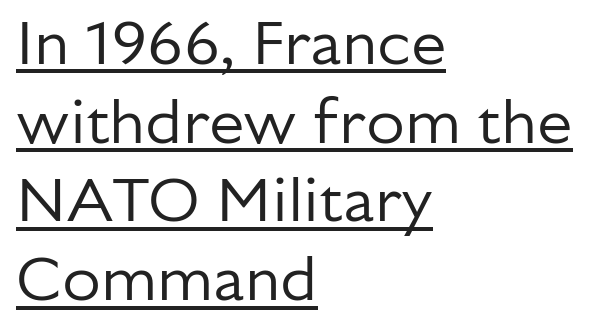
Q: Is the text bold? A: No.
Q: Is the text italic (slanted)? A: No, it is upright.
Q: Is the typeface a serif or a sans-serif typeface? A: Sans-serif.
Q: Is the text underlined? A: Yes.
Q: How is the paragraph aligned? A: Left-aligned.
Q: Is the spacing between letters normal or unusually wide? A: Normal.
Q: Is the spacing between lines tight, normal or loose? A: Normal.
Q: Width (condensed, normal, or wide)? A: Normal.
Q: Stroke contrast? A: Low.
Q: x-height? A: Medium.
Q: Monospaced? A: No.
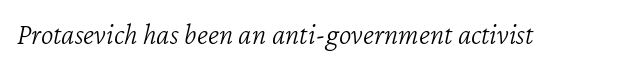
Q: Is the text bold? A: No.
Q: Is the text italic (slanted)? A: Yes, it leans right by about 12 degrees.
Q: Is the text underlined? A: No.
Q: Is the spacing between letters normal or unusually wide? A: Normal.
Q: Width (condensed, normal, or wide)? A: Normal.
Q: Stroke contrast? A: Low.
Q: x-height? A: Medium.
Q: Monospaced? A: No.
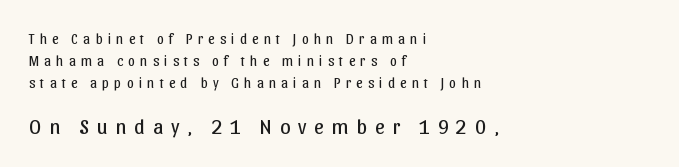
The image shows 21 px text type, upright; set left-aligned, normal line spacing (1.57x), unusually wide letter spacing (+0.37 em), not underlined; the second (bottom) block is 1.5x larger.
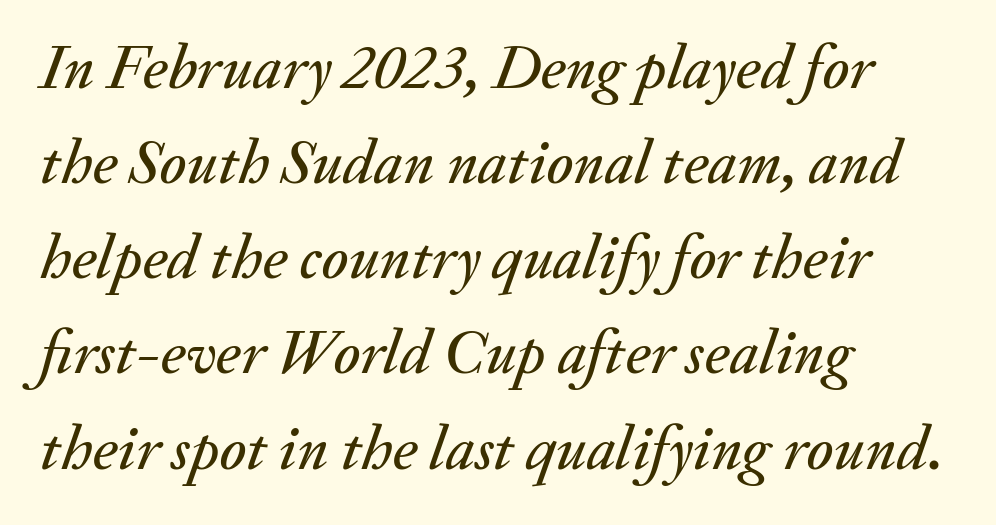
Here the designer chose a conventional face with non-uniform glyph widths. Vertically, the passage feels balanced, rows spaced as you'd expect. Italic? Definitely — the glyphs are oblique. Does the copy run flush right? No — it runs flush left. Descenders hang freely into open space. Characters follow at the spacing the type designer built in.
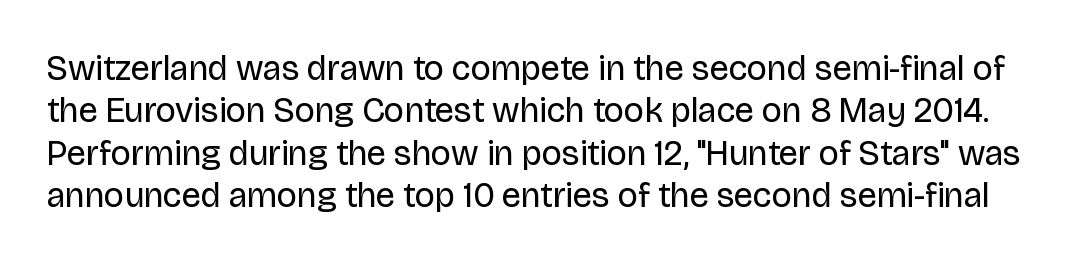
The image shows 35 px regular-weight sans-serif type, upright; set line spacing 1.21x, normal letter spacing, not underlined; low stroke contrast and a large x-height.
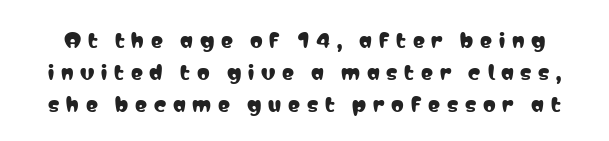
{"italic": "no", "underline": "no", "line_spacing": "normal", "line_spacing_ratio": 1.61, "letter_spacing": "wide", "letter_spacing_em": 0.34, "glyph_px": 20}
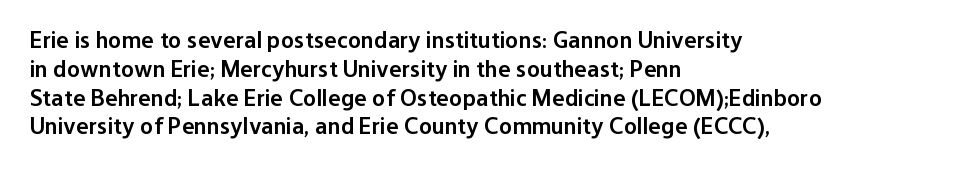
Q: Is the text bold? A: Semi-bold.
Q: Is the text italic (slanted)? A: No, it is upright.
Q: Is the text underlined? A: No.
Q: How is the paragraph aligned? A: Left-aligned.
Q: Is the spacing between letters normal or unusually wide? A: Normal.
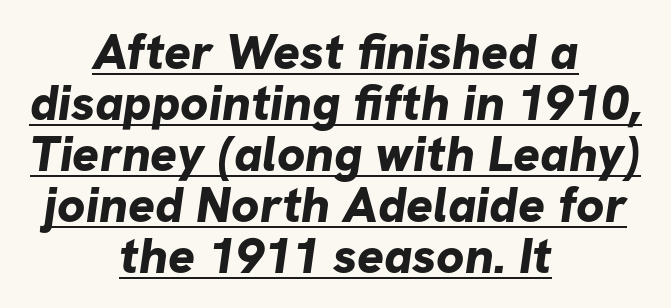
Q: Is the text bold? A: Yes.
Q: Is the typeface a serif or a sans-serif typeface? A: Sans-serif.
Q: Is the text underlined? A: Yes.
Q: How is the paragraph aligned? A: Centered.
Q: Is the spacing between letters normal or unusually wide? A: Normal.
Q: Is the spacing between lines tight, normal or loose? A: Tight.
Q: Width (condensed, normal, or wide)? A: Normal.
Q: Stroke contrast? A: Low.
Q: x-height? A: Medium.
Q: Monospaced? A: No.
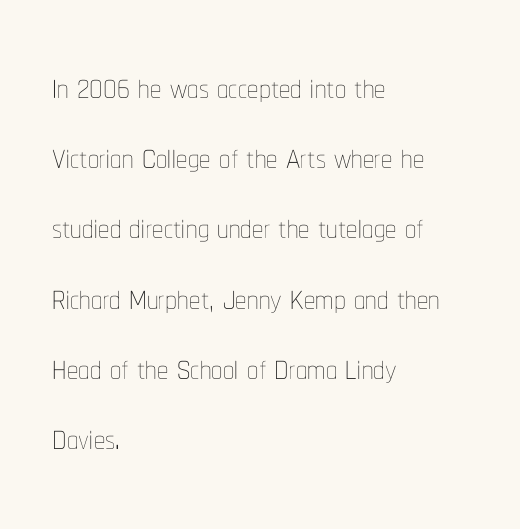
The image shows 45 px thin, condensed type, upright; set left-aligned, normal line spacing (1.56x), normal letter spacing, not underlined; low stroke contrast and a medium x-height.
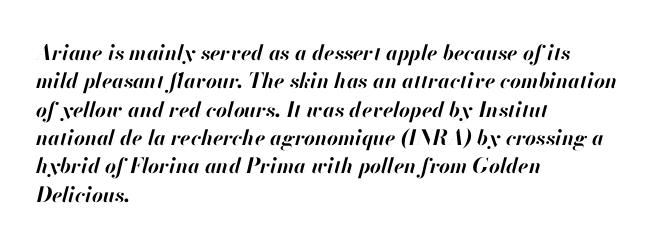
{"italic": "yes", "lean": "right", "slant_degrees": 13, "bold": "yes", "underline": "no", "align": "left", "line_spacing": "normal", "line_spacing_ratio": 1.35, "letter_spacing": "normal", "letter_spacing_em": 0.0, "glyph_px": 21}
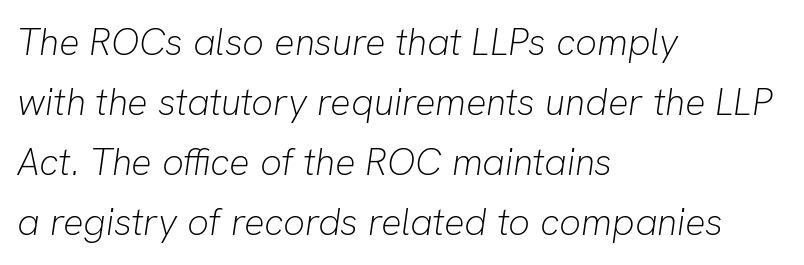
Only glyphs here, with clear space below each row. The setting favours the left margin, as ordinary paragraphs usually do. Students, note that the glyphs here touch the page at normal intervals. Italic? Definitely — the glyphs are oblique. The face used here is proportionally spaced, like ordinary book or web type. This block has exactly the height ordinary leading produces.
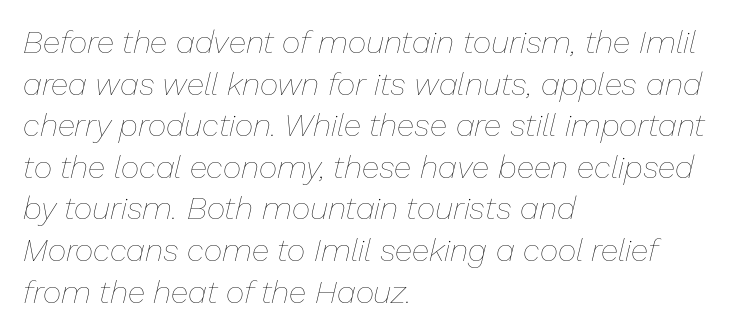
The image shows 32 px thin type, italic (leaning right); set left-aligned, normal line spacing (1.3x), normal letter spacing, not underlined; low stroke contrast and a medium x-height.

* * *

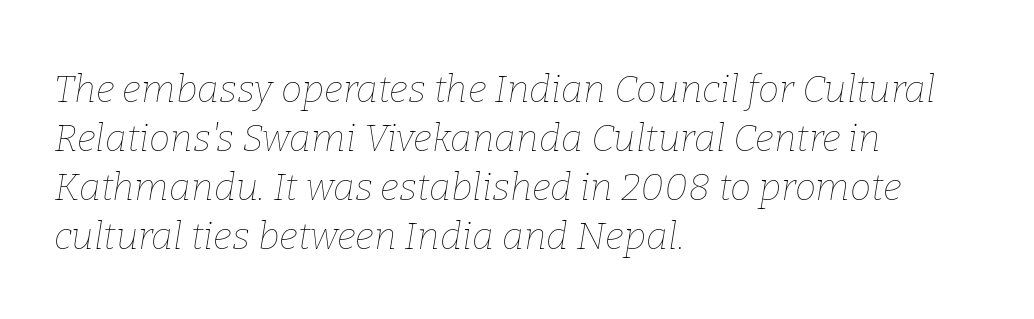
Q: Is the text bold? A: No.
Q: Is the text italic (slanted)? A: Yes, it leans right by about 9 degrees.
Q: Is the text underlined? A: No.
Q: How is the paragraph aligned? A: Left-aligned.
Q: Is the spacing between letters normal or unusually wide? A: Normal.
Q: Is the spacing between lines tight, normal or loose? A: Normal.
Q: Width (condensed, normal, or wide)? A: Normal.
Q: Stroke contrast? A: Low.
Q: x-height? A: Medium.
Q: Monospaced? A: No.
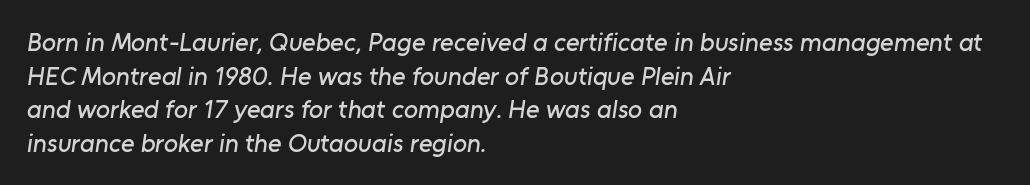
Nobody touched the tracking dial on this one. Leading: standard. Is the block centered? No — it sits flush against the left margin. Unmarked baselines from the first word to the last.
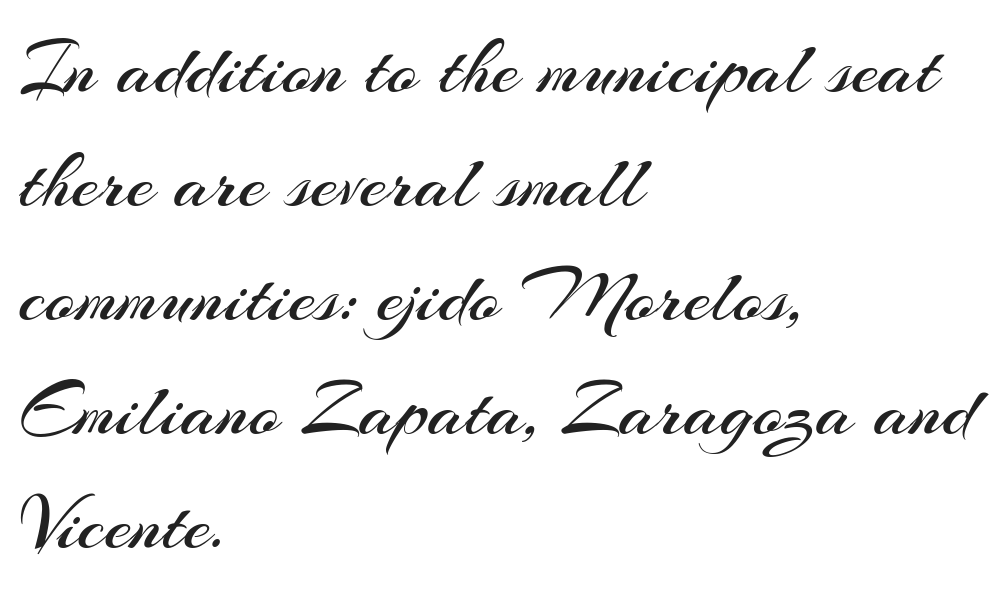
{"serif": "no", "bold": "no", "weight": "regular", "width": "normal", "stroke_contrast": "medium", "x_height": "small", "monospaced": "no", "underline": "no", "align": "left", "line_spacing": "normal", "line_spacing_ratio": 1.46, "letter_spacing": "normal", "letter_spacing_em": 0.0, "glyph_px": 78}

▶ Work request:
Only one stretch of the entries above is needed: the lines from the one containing "about 12 degrees." through the one containing "Here the designer". Copy it exactly, without the pictures.

▶ Task response:
Q: Is the text italic (slanted)? A: Yes, it leans right by about 12 degrees.
Q: Is the text underlined? A: No.
Q: Is the spacing between letters normal or unusually wide? A: Normal.
Q: Width (condensed, normal, or wide)? A: Normal.
Q: Stroke contrast? A: Low.
Q: x-height? A: Medium.
Q: Monospaced? A: No.
The image shows 21 px text type, upright; set left-aligned, normal line spacing (1.57x), unusually wide letter spacing (+0.37 em), not underlined; the second (bottom) block is 1.5x larger.
Here the designer chose a conventional face with non-uniform glyph widths. Vertically, the passage feels balanced, rows spaced as you'd expect. Italic? Definitely — the glyphs are oblique. Does the copy run flush right? No — it runs flush left. Descenders hang freely into open space. Characters follow at the spacing the type designer built in.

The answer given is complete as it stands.